PROVIDED DATA START

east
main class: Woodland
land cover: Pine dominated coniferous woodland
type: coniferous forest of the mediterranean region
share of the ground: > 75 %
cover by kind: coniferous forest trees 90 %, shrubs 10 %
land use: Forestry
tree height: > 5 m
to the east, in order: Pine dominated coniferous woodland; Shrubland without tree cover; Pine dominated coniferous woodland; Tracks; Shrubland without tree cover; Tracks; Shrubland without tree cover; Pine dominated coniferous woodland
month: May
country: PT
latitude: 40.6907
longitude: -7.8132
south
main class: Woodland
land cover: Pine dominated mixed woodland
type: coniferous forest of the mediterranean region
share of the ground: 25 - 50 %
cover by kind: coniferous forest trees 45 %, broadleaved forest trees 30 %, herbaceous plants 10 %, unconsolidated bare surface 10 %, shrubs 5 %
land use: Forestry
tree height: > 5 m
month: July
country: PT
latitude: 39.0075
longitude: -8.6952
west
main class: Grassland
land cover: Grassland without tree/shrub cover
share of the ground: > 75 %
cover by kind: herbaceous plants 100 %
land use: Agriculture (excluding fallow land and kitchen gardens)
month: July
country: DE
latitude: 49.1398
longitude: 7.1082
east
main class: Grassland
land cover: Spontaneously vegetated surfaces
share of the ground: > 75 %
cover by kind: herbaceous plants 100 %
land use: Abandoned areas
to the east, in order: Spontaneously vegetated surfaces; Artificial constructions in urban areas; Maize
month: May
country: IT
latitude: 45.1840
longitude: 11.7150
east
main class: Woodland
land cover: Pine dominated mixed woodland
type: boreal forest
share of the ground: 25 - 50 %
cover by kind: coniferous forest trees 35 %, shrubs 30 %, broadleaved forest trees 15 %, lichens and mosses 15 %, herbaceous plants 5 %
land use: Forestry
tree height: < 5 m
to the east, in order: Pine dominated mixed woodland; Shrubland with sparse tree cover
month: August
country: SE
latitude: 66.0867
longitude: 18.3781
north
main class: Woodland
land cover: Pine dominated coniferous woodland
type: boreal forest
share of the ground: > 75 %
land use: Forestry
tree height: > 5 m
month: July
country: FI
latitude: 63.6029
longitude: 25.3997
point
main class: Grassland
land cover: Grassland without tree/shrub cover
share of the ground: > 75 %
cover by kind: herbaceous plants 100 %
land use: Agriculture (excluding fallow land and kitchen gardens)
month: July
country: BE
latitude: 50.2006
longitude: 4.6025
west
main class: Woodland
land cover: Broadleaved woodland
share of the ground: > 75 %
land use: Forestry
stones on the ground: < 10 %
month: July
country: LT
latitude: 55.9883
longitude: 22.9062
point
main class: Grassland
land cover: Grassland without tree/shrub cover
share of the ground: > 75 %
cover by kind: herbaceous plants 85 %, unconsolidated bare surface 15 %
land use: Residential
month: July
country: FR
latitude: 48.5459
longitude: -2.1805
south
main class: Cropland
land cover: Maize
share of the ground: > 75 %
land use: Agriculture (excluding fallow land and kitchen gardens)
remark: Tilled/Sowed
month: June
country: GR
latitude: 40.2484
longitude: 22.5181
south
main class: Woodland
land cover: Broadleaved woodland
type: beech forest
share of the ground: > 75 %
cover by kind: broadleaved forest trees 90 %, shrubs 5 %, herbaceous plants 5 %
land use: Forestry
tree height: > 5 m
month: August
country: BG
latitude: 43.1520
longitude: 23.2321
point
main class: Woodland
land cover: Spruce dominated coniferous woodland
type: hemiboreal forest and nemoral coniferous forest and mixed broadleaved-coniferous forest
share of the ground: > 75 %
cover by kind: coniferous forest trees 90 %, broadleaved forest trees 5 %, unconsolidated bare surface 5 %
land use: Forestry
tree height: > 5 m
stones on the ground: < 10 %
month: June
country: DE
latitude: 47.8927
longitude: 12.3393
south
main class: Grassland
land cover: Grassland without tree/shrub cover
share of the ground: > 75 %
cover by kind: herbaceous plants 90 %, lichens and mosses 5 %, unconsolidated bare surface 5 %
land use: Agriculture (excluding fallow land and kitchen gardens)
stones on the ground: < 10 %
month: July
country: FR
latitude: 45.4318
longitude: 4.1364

PROVIDED DATA END

### HOW TO COMPLETE THIS TASK:
Looking at the entries above, copy out every line in which "Shrubland" occurs.

### TASK RESPONSE:
to the east, in order: Pine dominated coniferous woodland; Shrubland without tree cover; Pine dominated coniferous woodland; Tracks; Shrubland without tree cover; Tracks; Shrubland without tree cover; Pine dominated coniferous woodland
to the east, in order: Pine dominated mixed woodland; Shrubland with sparse tree cover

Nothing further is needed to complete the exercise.